**About this exercise:** Filter the data for lines with the word "Grassland", then copy every line so identified.

-------- Given information

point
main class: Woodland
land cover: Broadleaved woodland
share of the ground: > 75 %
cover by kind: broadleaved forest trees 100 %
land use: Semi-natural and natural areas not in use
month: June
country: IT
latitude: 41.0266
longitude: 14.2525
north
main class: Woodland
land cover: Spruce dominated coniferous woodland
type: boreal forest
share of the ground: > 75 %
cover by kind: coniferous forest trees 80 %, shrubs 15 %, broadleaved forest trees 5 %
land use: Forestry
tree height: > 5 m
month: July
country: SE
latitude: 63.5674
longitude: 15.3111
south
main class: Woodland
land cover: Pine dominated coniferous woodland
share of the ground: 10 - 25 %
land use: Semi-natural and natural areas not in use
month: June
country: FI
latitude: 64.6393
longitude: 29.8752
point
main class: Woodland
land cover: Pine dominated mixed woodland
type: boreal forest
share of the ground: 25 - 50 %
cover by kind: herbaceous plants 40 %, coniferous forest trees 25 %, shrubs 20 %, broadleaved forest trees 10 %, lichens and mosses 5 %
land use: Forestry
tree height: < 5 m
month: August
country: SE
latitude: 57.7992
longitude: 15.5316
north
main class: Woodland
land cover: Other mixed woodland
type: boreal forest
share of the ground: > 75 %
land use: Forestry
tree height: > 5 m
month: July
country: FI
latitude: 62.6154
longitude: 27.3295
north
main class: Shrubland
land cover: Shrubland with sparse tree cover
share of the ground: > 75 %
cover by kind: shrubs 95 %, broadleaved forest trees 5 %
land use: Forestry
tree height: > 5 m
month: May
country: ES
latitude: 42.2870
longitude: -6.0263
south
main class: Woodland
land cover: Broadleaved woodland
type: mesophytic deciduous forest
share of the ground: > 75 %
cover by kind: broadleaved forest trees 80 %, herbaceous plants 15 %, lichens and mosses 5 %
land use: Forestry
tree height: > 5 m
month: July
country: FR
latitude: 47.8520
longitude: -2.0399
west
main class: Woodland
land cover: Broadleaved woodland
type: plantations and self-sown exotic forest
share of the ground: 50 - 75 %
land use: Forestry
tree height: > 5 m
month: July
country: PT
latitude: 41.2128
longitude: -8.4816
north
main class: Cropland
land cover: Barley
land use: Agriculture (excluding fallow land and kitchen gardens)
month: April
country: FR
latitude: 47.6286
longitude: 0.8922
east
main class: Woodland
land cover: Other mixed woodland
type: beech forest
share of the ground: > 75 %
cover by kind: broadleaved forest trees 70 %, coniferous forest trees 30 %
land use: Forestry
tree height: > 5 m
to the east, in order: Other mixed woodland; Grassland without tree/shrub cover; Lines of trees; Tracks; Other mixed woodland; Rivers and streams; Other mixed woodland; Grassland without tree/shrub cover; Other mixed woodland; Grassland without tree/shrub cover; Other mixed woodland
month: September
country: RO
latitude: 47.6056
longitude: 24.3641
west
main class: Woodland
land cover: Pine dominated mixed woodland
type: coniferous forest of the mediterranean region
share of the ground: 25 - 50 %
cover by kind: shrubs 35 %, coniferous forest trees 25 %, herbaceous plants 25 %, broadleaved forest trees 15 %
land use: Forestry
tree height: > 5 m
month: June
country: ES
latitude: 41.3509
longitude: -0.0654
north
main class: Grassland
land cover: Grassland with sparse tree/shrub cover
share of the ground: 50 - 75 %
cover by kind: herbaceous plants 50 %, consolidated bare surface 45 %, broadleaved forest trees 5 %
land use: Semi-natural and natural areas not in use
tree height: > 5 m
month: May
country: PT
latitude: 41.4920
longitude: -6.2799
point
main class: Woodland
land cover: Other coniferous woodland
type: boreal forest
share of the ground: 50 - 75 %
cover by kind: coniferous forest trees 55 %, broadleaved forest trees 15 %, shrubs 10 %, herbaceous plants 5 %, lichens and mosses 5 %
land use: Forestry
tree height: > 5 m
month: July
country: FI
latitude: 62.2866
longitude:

----------------

**Expected answer:**
to the east, in order: Other mixed woodland; Grassland without tree/shrub cover; Lines of trees; Tracks; Other mixed woodland; Rivers and streams; Other mixed woodland; Grassland without tree/shrub cover; Other mixed woodland; Grassland without tree/shrub cover; Other mixed woodland
main class: Grassland
land cover: Grassland with sparse tree/shrub cover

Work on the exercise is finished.